• WHAT THE TASK REQUIRES: Write the records out again exactly, leaving no images in.

• Extracted records:
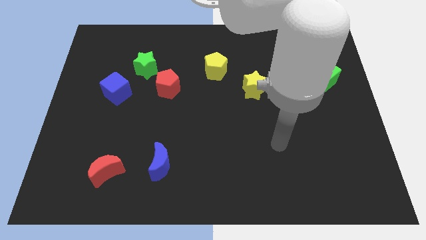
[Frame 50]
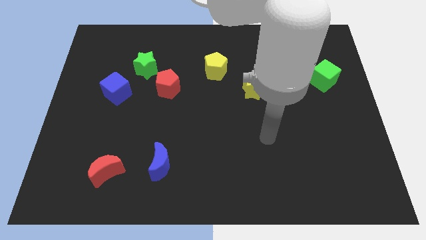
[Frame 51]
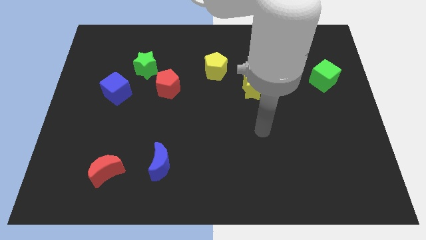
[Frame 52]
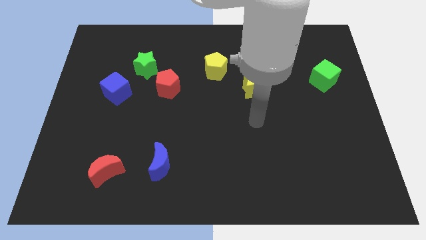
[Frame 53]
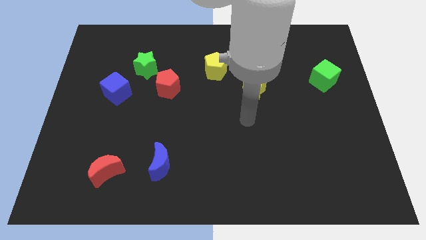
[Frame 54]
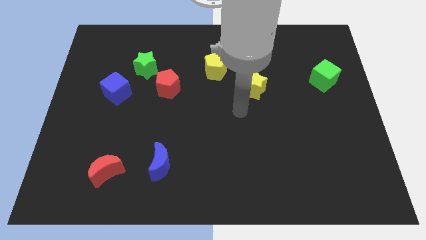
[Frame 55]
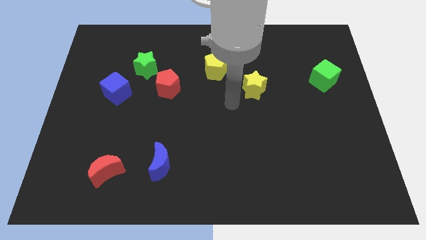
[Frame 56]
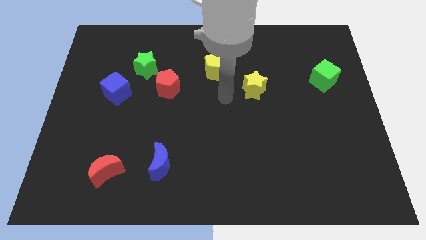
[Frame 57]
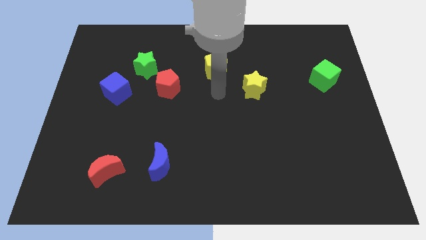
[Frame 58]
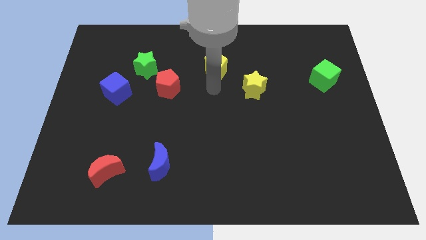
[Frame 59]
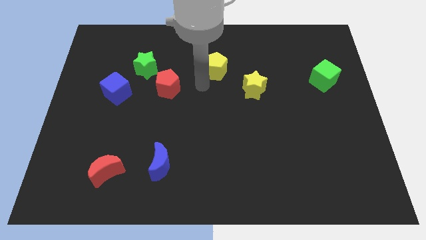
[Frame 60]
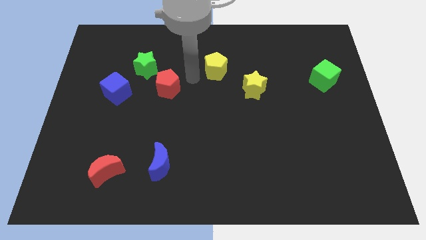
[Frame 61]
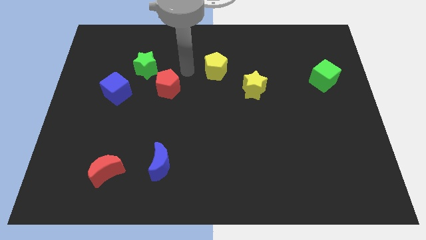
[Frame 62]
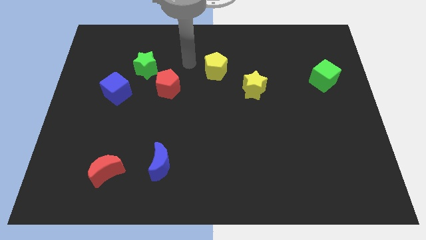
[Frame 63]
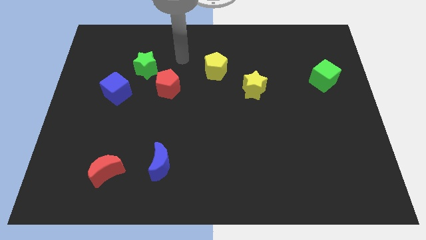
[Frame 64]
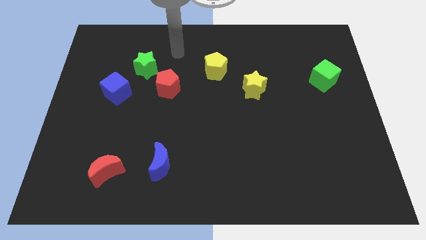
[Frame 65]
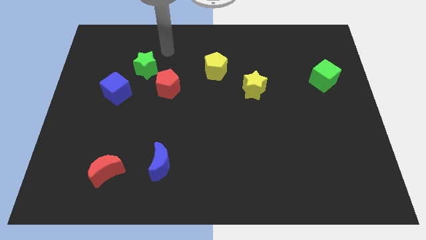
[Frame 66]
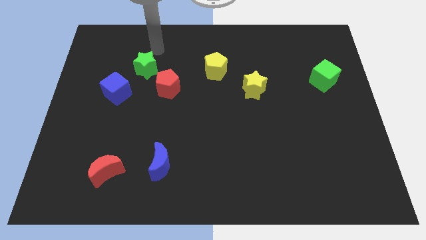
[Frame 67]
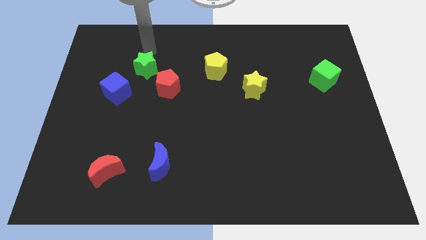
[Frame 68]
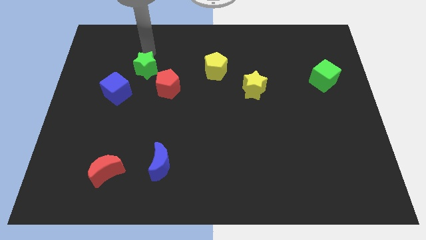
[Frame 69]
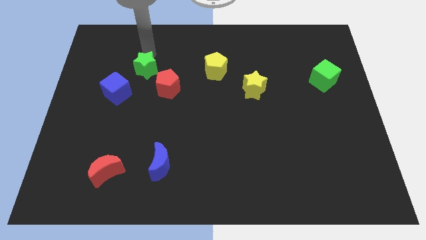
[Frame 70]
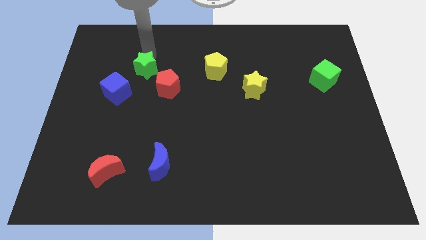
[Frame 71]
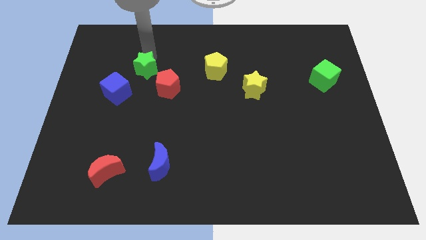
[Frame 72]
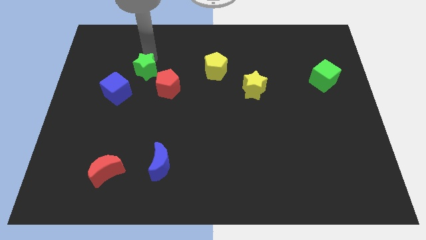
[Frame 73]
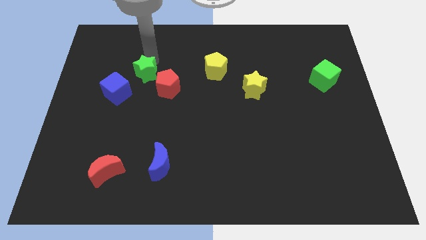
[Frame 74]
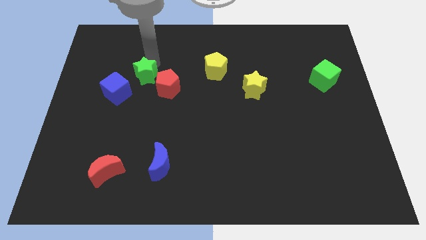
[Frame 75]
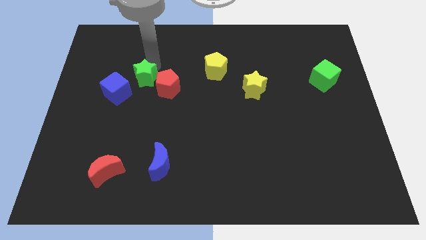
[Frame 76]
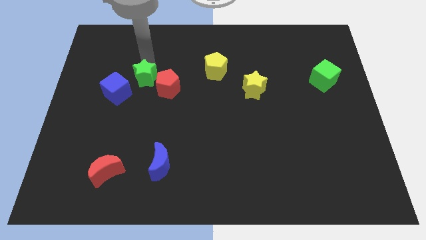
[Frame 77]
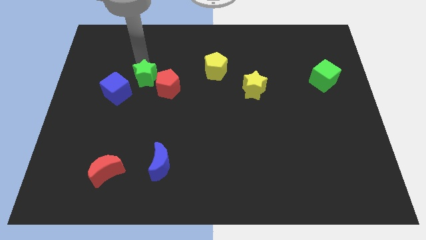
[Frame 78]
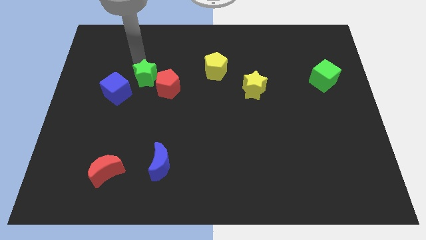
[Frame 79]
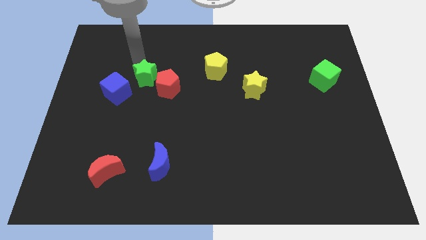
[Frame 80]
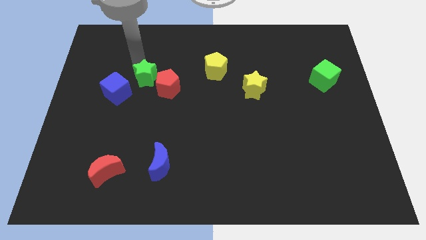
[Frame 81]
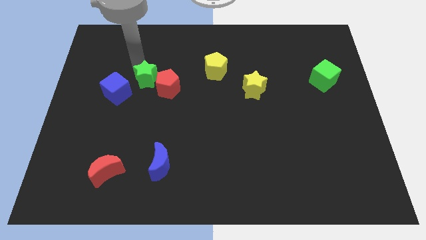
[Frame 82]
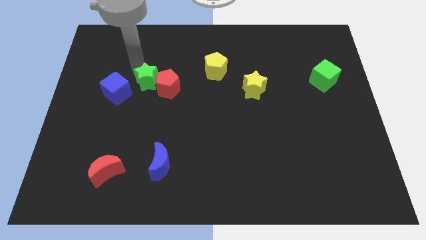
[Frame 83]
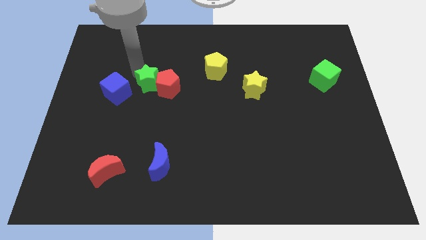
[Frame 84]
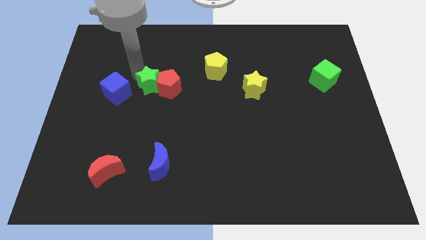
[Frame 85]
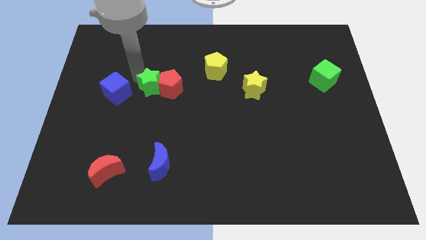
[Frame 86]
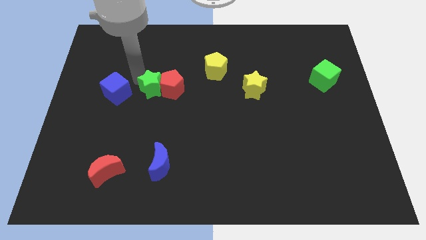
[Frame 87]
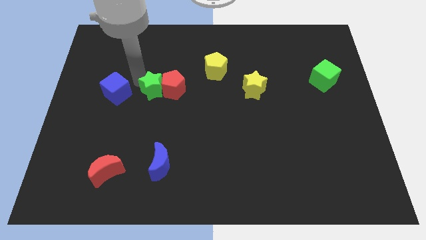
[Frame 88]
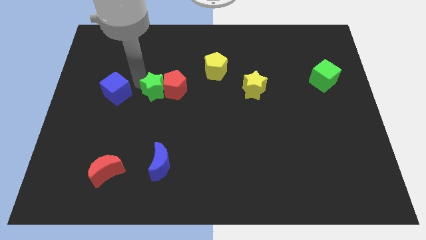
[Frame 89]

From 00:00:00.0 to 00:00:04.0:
push the green star down and to the right slightly

• YOUR SOLUTION:
[Frame 50]
[Frame 51]
[Frame 52]
[Frame 53]
[Frame 54]
[Frame 55]
[Frame 56]
[Frame 57]
[Frame 58]
[Frame 59]
[Frame 60]
[Frame 61]
[Frame 62]
[Frame 63]
[Frame 64]
[Frame 65]
[Frame 66]
[Frame 67]
[Frame 68]
[Frame 69]
[Frame 70]
[Frame 71]
[Frame 72]
[Frame 73]
[Frame 74]
[Frame 75]
[Frame 76]
[Frame 77]
[Frame 78]
[Frame 79]
[Frame 80]
[Frame 81]
[Frame 82]
[Frame 83]
[Frame 84]
[Frame 85]
[Frame 86]
[Frame 87]
[Frame 88]
[Frame 89]

From 00:00:00.0 to 00:00:04.0:
push the green star down and to the right slightly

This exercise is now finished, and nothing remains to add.